Wednesday, March 17, 2021

Doubling Down on Diversity

Consider this post a correlate of the previous post about the woke left’s willingness to countenance political violence. Like Daniel Greenfield, Samuel Abrams sees the origin of this anti-American rhetoric in the academy. He notes, after Andrew Sullivan, that we all live on campus now. 

Marxist critical race theories have escaped the confines of he academy and have now become de rigueur across the nation.


This means that corporate America is now promoting critical race theory. Tech titans are all in with wokery. And the American military has recently felt obliged to support woke theories.


Abrams explains:


But what happens on our college and university campuses is anything but confined to the ivory tower or irrelevant. The omnipresent ideas that have seeded and informed the problematic anti-racist rhetoric and the tactics of bullying, canceling, and silencing others come directly from our campuses and now dangerously pervade into the zeitgeist to such a degree that Andrew Sullivan famously wrote in 2018 that, “We All Live on Campus Now.”


From private companies like Coca-Cola asking employees to be “less white” or Ogilvy’s diversity and inclusion team pushing books by Angela Davis or Howard Zinn as part of its initiative to promote a “more equal and just world,” it is obvious that the “woke mob” has escaped the confines of our nation’s campuses and the narratives of harm and victimization have spread into the real world.


The oppression narrative is on the march. We should also see that this is also a revolution narrative, one that is designed to foment violence against the purported privileged few, that is, against white and Asian Americans itself.


It’s time to talk about what is going on in lecture halls and around seminar tables; namely what is being taught and by whom in campus that continues to seed the ideas behind the mobs. While administrators have been at the forefront of executing a woke agenda, the intellectual groundwork for the dangerous ideas come from the faculty and their teaching and research.

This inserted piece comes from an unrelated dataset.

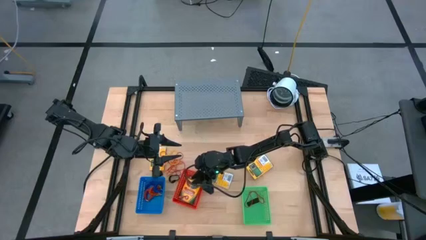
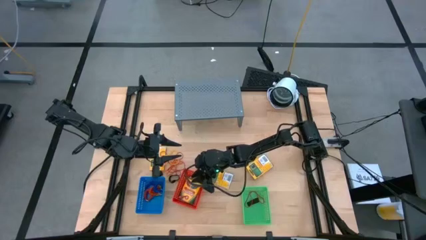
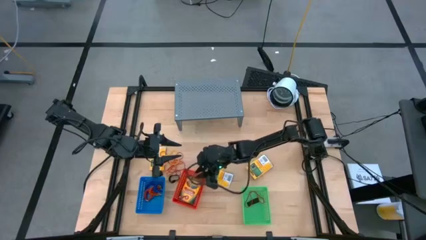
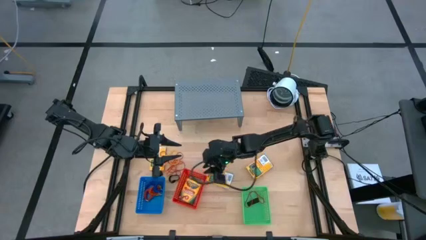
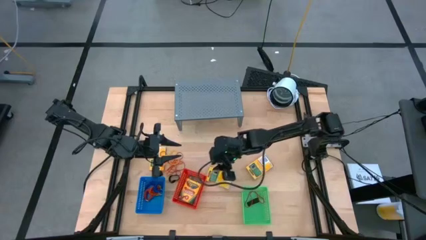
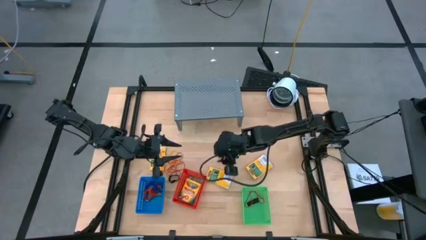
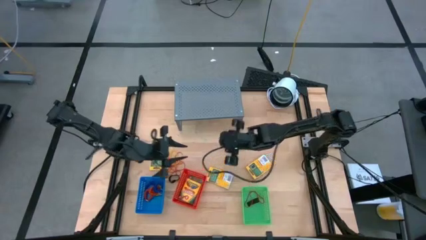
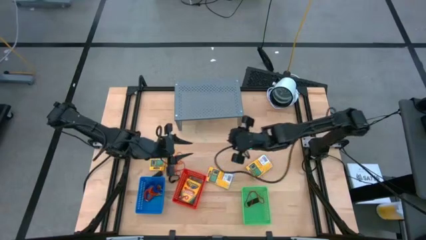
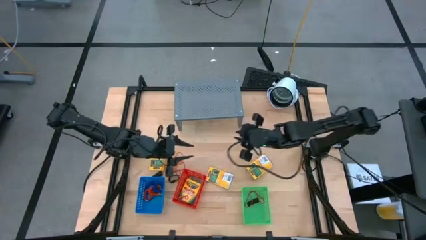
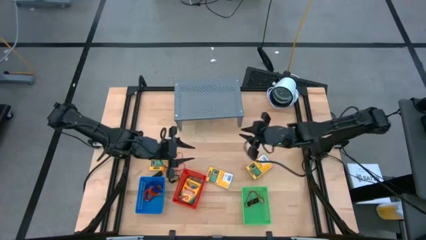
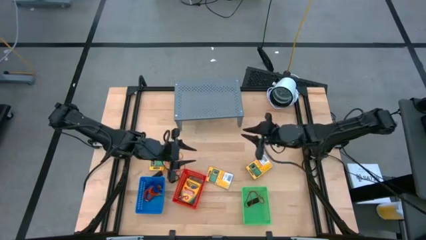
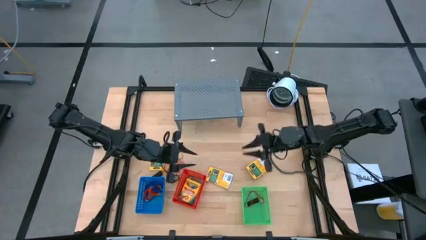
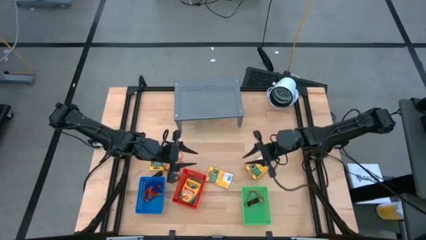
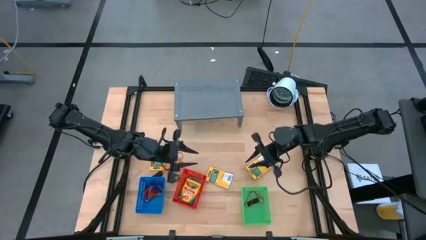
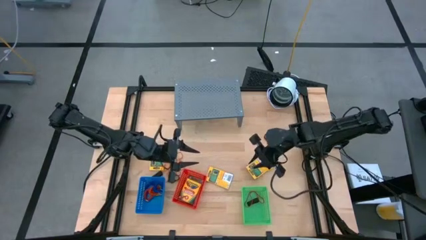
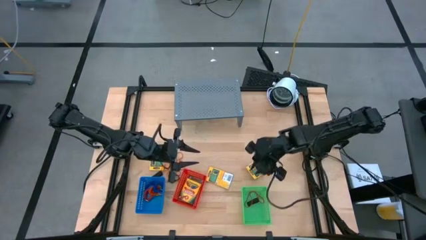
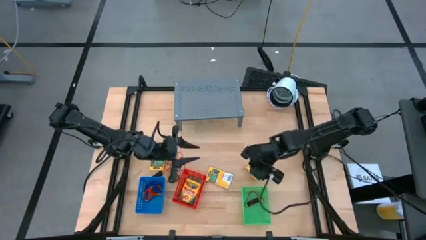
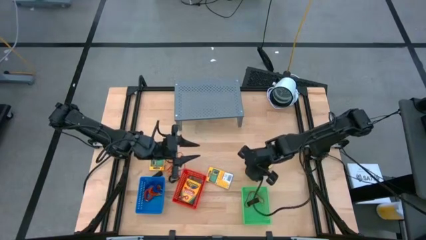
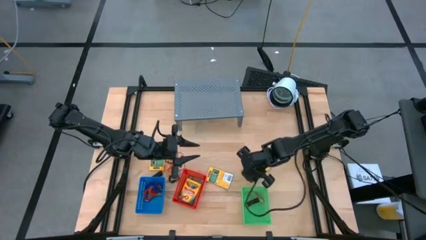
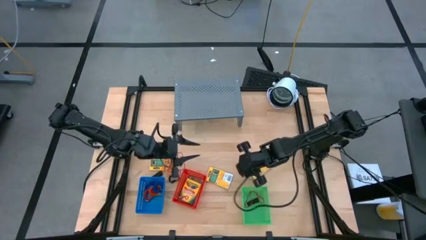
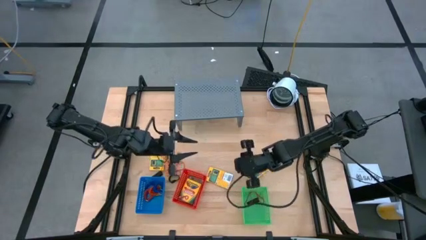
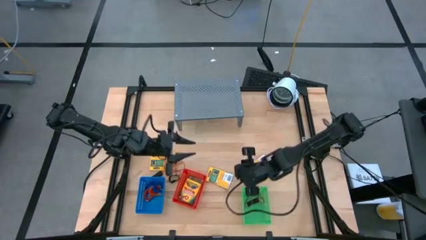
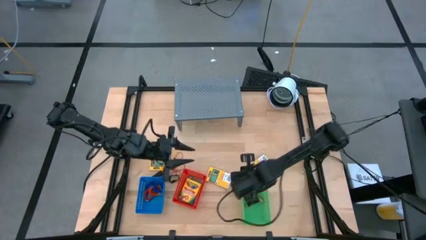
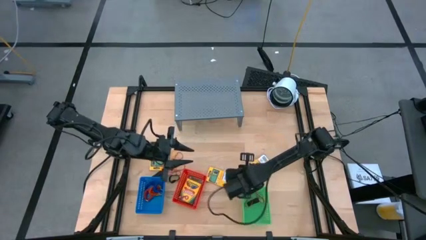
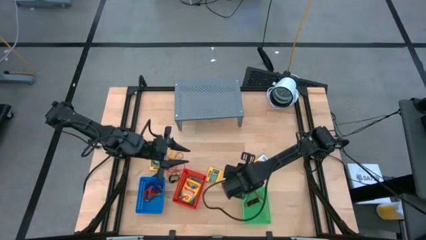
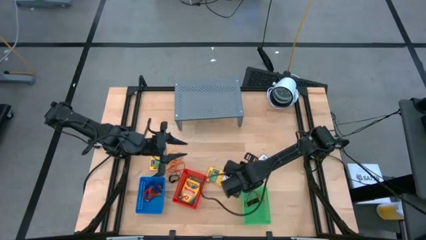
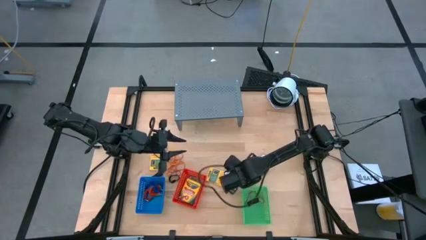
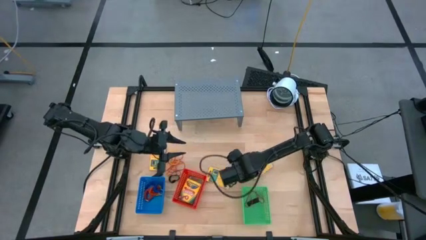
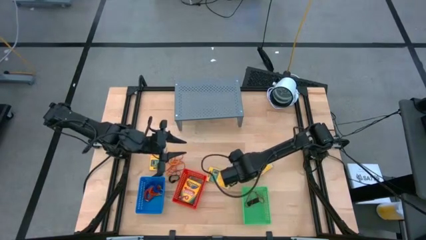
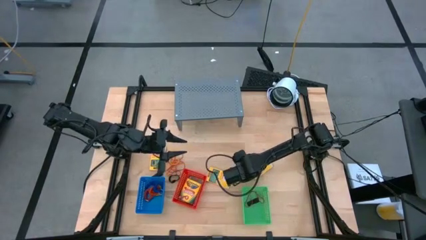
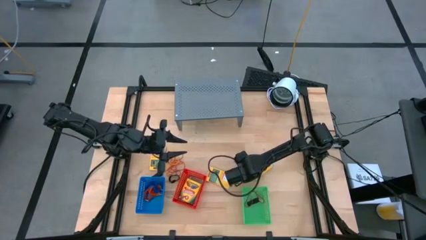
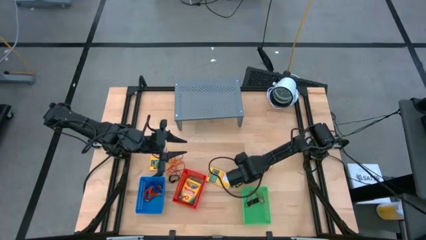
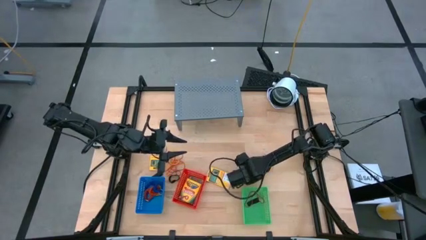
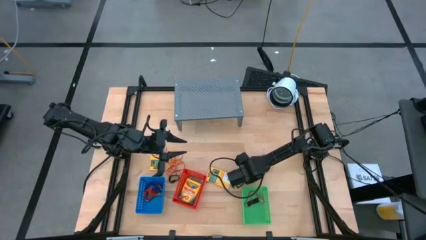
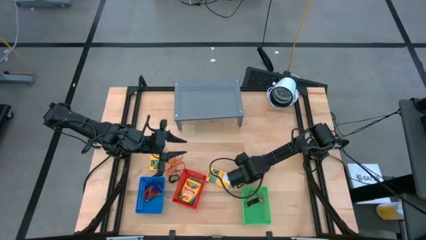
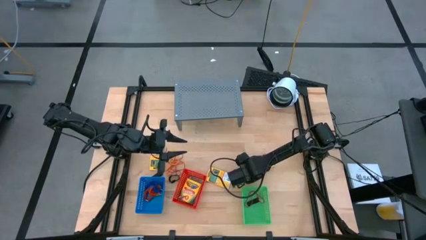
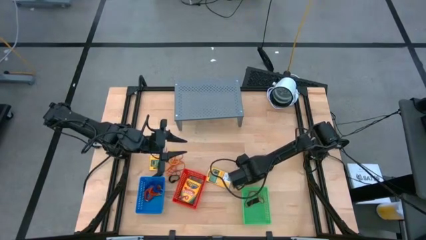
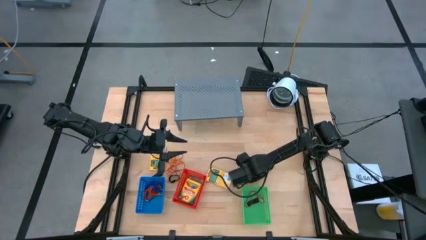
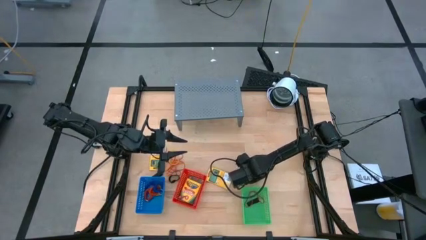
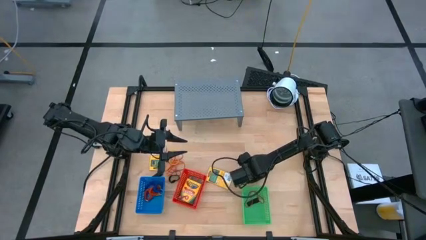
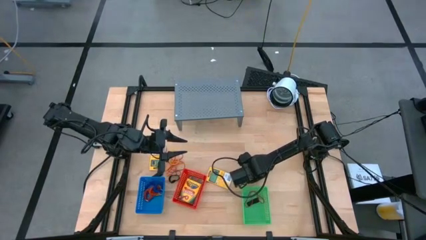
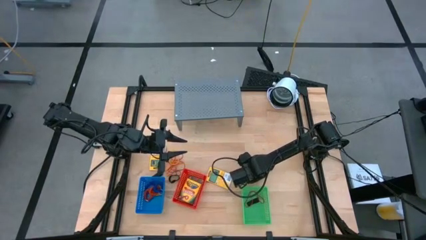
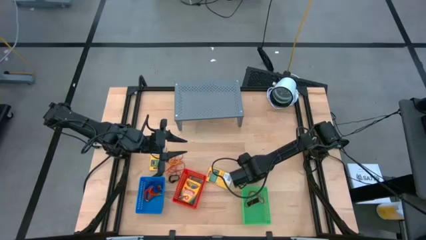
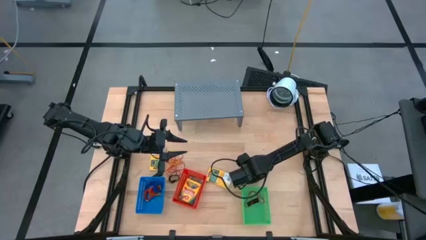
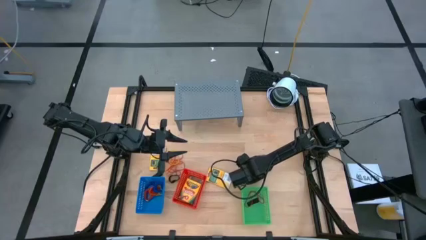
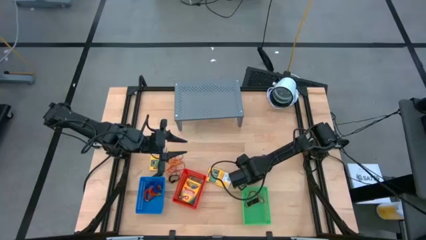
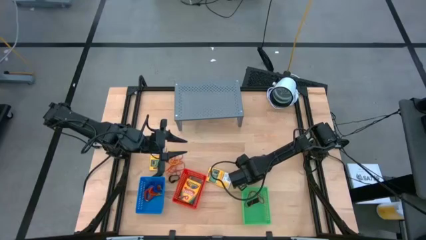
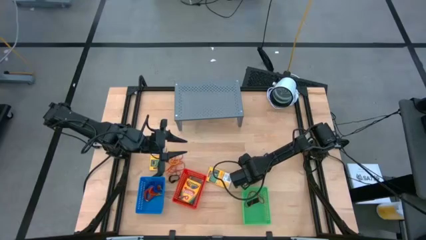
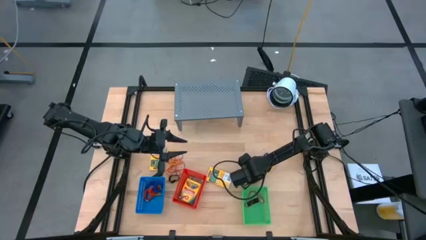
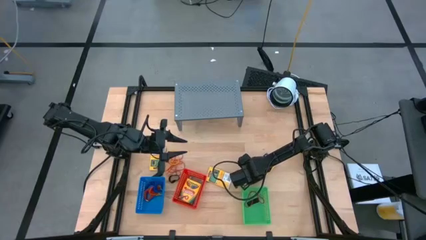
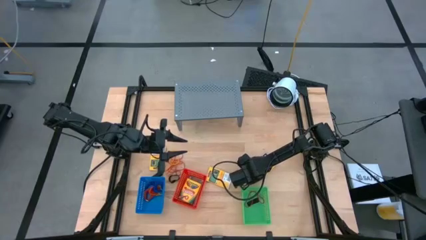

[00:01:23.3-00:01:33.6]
Task: Pick & Place Office Desk Supplies
Put the right yellow crayon box into the red basket

The Marxist left has been proselytizing its narratives through critical race theory.


Although methodologies and critical approaches come and go, what is particularly dangerous here is that CRT is not just purely an academic, ivory tower approach to scholarly questions, it is a worldview that now advocates for activism and social change in the guise of being purely academic such that now many professors proudly call themselves scholar-activists with their own, ironically, colonial or imperial ambitions


In principle, these theories are designed to overcome system racism. In truth, they seem more to have to do with affirmative action programs and diversity quotas.


Having chosen to ignore standardized testing, and having admitted students who cannot compete against their classmates, the universities have discovered that the only possible explanation for the disparities is racism. So, let’s double down on failure. You recall that two Georgetown law school professors lost their jobs because they dared mention that black students were consistent underperformers:


Viewing people as members of narrow and simplistic racial groupings foolishly suggests that one should be defined by race and little more. This is an absurd way to understand people and the human condition, dividing us rather than unifying us and finding common ground based on shared humanity and history. This is the antithesis of what the academy should be teaching, which include the values of intellectual diversity and social inclusion.


Noble sentiments, indeed. As of now, it’s going to take more than sentiments. Unfortunately, universities and even corporations are doubling down on failed policies. To cure a problem caused by diversity quotas they are instituting more diversity quotas.


Curb your optimism.


4 comments:

Paul said...

"This means that corporate America is not promoting critical race theory."

I think you mean "now" not "not".

Stuart Schneiderman said...

Thank you... correction made.

Dan Patterson said...

How many synonyms are there for pollution?

Sam L. said...

I'm glad, VERY glad, that I live in a rural area, far, Far, FAR from the mad crowd that is the LEFT. Your mileage will likely vary.